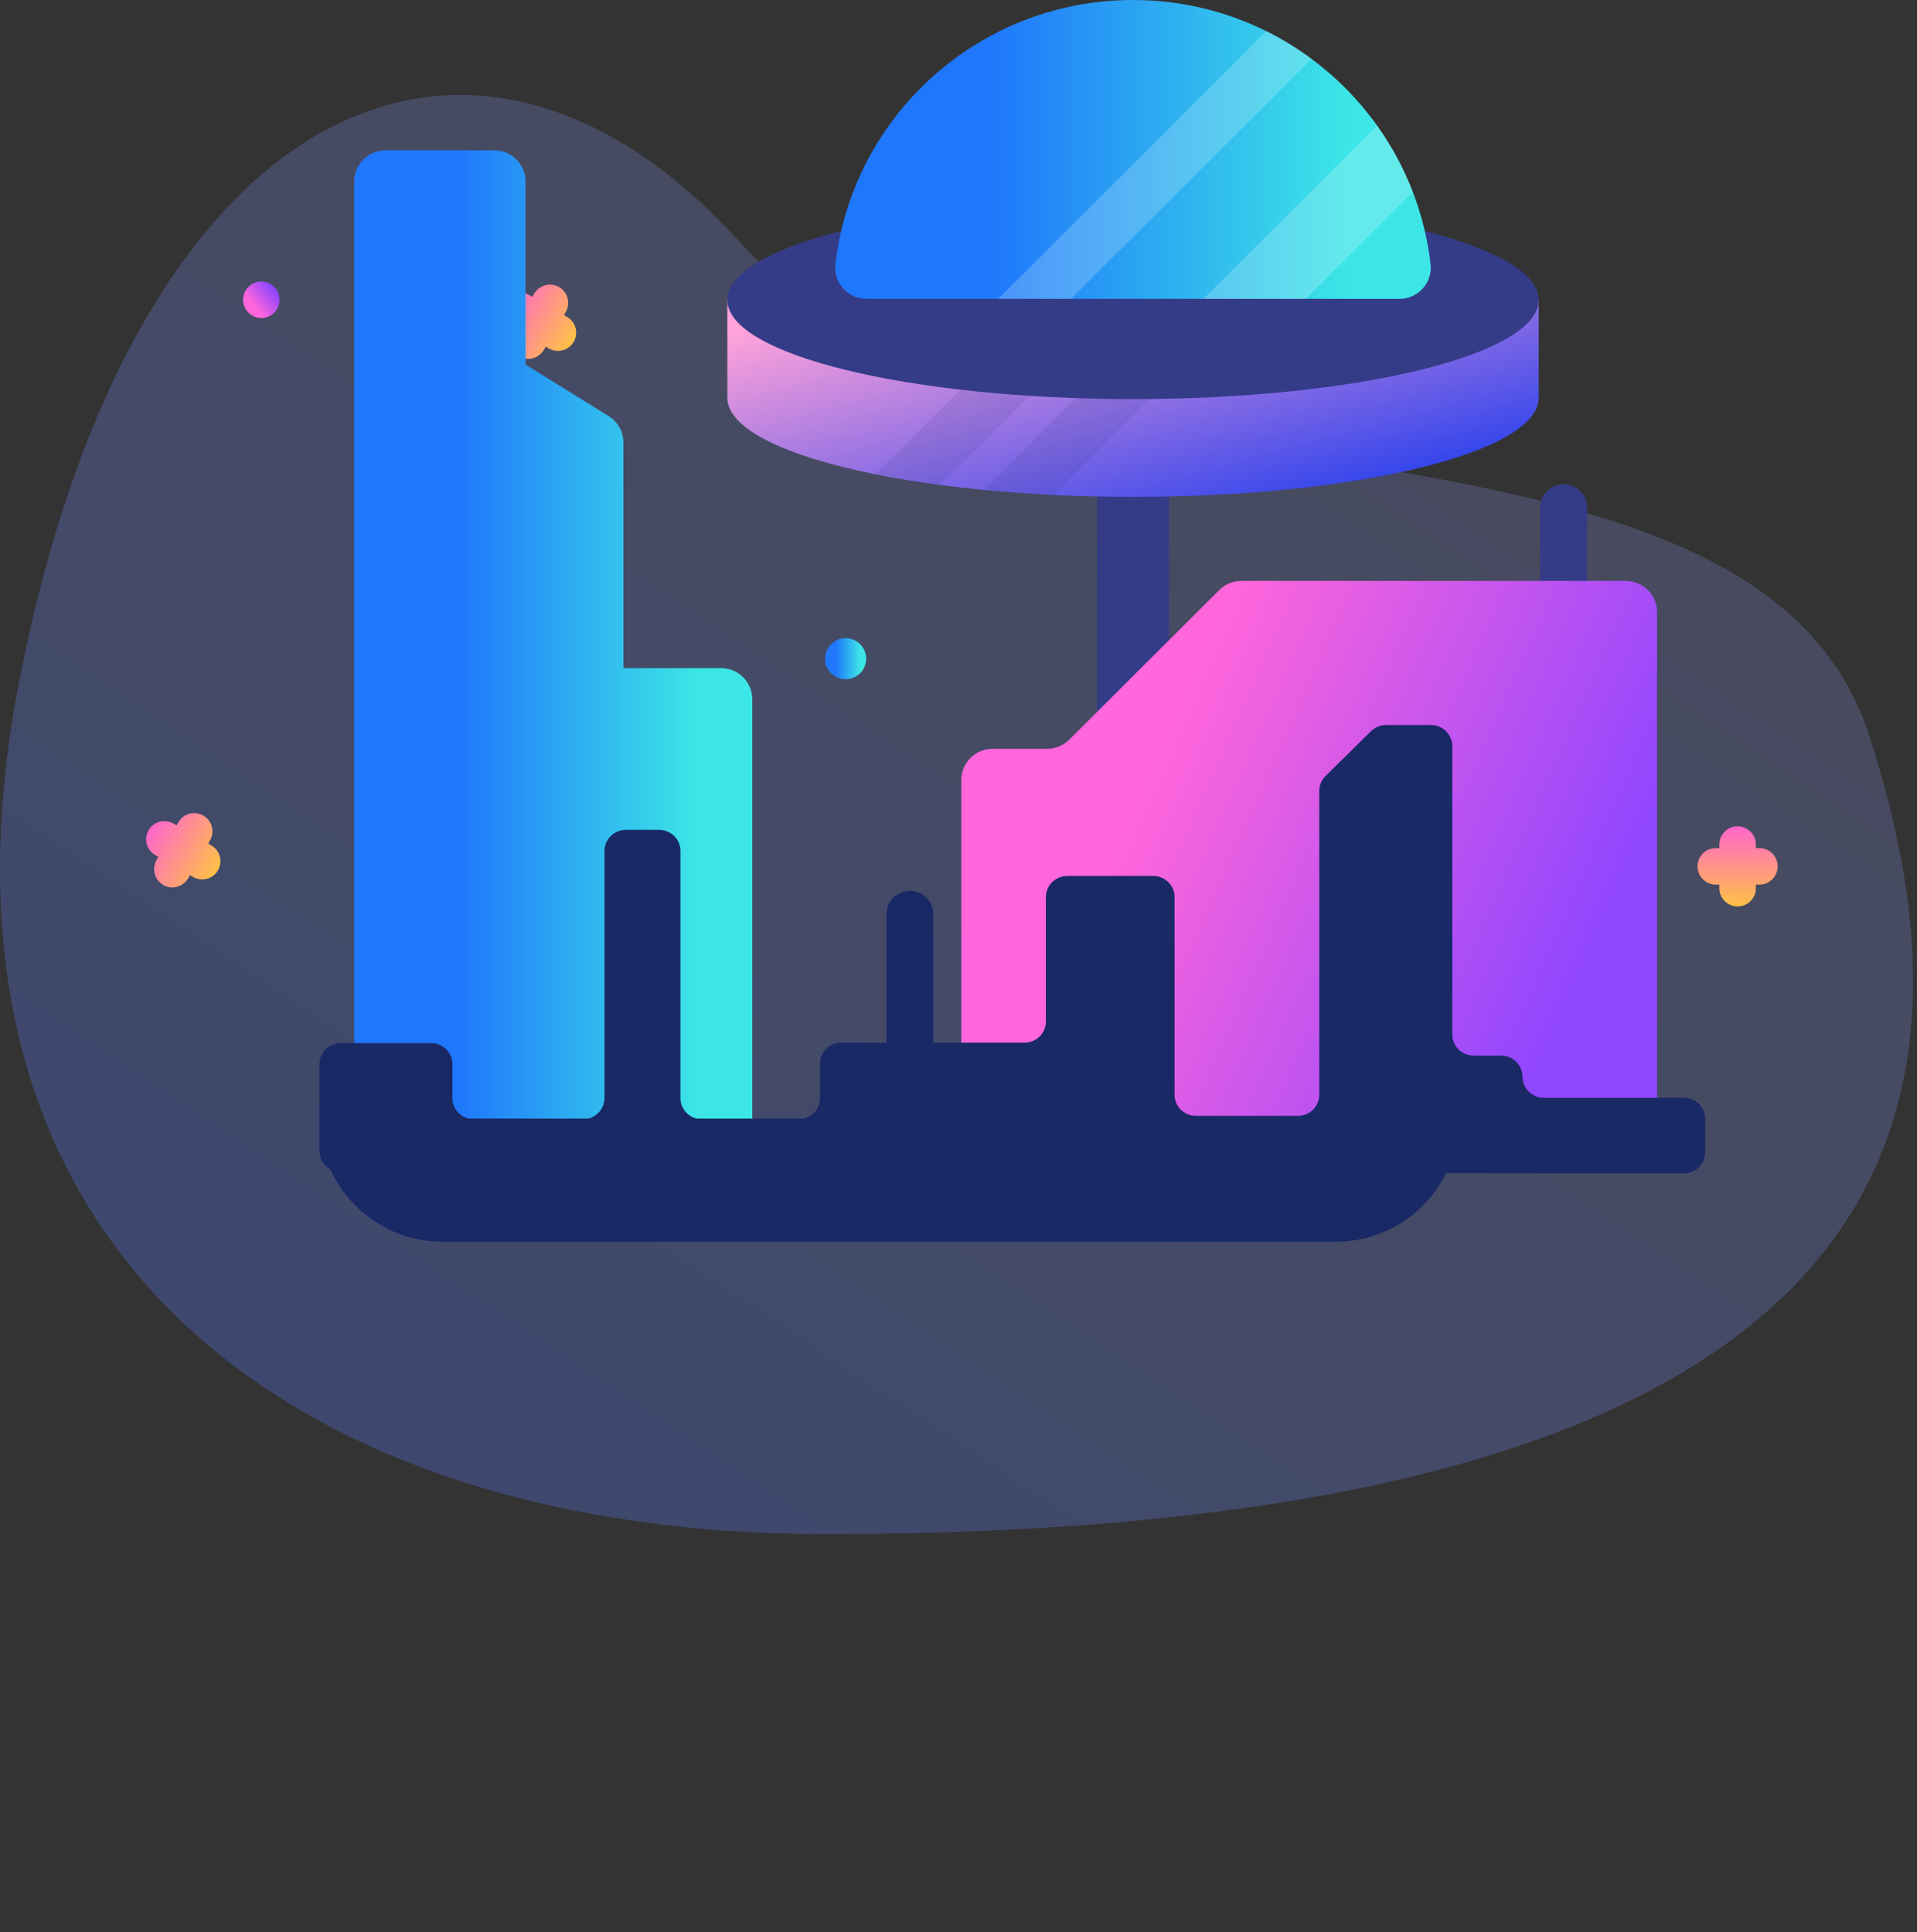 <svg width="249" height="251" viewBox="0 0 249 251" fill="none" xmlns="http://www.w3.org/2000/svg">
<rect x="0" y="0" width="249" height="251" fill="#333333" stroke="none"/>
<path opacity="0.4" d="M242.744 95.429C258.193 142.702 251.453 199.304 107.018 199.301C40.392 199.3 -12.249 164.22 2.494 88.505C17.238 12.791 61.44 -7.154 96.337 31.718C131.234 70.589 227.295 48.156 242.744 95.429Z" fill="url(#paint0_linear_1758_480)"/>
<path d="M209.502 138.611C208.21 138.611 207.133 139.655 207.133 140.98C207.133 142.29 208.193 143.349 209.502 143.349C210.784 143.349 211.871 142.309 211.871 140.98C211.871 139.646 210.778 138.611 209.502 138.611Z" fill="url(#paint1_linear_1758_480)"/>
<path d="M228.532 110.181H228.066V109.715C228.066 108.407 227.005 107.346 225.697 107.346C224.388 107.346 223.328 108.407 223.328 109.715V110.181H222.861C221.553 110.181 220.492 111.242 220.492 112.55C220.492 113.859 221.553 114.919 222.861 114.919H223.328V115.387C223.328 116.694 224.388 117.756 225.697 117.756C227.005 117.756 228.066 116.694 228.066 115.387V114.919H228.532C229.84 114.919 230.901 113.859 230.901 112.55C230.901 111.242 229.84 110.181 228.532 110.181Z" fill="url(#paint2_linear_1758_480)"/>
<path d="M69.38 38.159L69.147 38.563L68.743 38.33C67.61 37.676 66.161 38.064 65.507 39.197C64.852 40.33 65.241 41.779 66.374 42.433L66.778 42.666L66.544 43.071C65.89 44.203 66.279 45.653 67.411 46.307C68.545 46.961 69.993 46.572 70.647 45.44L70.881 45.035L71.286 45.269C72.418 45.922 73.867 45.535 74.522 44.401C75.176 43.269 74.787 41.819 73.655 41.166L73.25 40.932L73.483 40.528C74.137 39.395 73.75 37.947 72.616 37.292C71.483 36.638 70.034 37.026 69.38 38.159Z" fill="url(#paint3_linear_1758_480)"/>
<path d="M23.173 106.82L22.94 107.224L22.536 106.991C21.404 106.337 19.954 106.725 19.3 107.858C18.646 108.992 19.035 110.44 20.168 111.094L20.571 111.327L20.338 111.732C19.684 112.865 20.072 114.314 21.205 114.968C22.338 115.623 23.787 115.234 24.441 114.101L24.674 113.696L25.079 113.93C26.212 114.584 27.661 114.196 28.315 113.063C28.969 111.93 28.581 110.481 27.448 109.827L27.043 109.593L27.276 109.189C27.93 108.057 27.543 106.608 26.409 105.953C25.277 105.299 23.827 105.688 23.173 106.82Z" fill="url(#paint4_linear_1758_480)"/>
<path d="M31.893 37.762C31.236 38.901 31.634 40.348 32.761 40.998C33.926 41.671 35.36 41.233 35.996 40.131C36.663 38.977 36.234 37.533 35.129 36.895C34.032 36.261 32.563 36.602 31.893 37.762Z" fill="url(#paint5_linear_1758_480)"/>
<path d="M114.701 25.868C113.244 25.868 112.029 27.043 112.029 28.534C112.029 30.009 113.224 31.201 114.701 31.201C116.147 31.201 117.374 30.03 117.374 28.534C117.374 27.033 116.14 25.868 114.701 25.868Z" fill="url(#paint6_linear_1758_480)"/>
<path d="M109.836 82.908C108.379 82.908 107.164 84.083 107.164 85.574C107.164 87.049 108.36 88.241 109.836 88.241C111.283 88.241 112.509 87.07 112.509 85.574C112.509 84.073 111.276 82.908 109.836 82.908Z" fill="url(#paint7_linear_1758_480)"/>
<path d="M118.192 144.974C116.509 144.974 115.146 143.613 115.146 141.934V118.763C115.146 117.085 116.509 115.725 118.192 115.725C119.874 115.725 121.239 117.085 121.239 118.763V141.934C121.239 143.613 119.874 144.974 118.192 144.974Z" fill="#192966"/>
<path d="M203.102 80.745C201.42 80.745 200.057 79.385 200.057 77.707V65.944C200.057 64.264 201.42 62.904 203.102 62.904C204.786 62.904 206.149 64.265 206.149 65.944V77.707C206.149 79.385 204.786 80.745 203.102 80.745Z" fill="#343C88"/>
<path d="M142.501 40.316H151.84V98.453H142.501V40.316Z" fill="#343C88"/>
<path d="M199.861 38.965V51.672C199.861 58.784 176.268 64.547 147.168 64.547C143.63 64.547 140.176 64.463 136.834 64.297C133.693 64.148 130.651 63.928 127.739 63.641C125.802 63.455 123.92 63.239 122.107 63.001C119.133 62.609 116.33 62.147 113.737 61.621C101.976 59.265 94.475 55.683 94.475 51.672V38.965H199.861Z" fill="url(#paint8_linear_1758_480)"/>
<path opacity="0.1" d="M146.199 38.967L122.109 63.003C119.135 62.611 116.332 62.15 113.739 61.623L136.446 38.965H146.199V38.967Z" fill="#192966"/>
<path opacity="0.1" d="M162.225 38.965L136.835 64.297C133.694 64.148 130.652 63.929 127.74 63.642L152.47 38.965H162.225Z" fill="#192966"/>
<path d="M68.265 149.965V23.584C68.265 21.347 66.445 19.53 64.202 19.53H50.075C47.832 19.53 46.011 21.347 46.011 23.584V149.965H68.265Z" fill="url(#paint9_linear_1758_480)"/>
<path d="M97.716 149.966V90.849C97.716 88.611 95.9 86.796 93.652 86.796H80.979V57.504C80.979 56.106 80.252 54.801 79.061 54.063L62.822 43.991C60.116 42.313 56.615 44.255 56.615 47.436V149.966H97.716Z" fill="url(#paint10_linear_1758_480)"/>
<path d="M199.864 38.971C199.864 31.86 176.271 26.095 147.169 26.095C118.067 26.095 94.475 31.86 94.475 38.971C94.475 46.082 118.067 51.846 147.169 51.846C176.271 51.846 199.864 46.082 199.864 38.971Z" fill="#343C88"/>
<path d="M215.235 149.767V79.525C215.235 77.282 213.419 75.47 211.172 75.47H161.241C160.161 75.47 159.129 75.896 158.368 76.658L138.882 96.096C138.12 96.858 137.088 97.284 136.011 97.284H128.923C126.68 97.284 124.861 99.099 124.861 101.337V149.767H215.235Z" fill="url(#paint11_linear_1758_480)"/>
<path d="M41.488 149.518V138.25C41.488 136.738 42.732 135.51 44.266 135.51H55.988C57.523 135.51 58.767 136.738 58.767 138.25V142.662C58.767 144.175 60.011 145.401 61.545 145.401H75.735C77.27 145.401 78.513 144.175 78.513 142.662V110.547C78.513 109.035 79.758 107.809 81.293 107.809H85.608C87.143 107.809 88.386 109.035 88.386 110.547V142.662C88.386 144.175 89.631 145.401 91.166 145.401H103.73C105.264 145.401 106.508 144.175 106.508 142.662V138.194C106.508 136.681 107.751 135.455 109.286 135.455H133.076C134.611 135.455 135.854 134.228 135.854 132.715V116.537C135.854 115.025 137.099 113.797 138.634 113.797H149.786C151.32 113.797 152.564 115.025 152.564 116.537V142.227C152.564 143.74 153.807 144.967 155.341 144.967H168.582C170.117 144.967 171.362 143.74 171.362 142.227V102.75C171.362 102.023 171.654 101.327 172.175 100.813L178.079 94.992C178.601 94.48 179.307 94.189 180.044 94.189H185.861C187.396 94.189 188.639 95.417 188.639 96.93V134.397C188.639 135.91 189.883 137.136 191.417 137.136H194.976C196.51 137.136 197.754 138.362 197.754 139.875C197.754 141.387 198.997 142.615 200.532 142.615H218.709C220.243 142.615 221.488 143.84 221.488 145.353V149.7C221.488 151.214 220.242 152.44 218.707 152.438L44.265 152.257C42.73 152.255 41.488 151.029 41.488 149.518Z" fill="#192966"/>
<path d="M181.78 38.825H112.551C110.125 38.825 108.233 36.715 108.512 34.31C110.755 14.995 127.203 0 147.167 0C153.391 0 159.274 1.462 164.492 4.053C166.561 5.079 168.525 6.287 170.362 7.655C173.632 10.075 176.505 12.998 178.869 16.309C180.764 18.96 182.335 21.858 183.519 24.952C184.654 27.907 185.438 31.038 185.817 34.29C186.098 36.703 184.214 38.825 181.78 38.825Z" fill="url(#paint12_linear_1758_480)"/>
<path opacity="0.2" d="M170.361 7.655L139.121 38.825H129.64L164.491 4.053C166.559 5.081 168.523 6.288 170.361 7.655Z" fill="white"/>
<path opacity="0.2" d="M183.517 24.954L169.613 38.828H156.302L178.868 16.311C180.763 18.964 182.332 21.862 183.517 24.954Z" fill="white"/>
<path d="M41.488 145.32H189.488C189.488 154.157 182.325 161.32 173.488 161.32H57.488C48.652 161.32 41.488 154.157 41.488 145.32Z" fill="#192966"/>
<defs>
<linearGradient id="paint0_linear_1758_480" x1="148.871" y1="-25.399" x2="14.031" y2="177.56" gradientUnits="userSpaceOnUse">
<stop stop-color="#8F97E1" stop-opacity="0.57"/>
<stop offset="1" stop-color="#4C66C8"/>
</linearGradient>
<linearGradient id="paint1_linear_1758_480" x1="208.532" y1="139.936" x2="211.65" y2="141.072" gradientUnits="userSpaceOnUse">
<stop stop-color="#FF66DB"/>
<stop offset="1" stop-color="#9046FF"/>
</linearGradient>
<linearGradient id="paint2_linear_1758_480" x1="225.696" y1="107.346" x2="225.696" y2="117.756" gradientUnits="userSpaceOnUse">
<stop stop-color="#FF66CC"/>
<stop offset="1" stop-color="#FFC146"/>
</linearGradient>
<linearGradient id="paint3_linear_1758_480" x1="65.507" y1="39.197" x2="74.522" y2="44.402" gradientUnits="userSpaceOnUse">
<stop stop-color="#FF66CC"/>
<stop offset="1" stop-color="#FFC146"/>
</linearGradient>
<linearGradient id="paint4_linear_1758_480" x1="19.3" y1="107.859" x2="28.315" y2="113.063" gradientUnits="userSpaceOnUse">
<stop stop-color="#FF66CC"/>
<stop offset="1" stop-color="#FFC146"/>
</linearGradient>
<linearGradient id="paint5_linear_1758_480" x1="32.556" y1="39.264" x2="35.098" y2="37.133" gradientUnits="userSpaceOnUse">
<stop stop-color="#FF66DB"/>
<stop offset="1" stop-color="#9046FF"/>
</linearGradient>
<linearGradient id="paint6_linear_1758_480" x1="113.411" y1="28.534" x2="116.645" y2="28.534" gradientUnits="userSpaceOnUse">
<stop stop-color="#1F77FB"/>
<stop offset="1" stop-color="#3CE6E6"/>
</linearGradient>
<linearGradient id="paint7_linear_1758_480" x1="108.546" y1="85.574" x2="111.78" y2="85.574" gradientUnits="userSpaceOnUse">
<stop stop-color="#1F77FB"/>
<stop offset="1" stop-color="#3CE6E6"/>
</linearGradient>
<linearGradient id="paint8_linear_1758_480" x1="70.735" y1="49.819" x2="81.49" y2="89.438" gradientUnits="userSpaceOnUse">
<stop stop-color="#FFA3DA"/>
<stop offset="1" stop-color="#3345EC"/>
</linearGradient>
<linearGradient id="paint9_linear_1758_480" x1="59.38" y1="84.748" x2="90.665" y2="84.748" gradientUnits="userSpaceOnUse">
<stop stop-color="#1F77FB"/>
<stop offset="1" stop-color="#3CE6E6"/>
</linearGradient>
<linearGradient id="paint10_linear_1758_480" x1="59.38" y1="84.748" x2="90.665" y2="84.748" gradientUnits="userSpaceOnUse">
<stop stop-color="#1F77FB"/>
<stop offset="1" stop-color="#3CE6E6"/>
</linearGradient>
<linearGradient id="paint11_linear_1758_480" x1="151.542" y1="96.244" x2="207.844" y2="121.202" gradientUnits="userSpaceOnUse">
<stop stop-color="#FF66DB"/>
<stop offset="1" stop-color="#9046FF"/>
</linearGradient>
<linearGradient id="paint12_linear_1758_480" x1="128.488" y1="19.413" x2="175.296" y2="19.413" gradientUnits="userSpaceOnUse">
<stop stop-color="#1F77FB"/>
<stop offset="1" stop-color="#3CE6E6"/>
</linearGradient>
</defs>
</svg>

Task prompt
If a line in the material above contains the word "opacity", copy it.

Answer to this exercise
<path opacity="0.4" d="M242.744 95.429C258.193 142.702 251.453 199.304 107.018 199.301C40.392 199.3 -12.249 164.22 2.494 88.505C17.238 12.791 61.44 -7.154 96.337 31.718C131.234 70.589 227.295 48.156 242.744 95.429Z" fill="url(#paint0_linear_1758_480)"/>
<path opacity="0.1" d="M146.199 38.967L122.109 63.003C119.135 62.611 116.332 62.15 113.739 61.623L136.446 38.965H146.199V38.967Z" fill="#192966"/>
<path opacity="0.1" d="M162.225 38.965L136.835 64.297C133.694 64.148 130.652 63.929 127.74 63.642L152.47 38.965H162.225Z" fill="#192966"/>
<path opacity="0.2" d="M170.361 7.655L139.121 38.825H129.64L164.491 4.053C166.559 5.081 168.523 6.288 170.361 7.655Z" fill="white"/>
<path opacity="0.2" d="M183.517 24.954L169.613 38.828H156.302L178.868 16.311C180.763 18.964 182.332 21.862 183.517 24.954Z" fill="white"/>
<stop stop-color="#8F97E1" stop-opacity="0.57"/>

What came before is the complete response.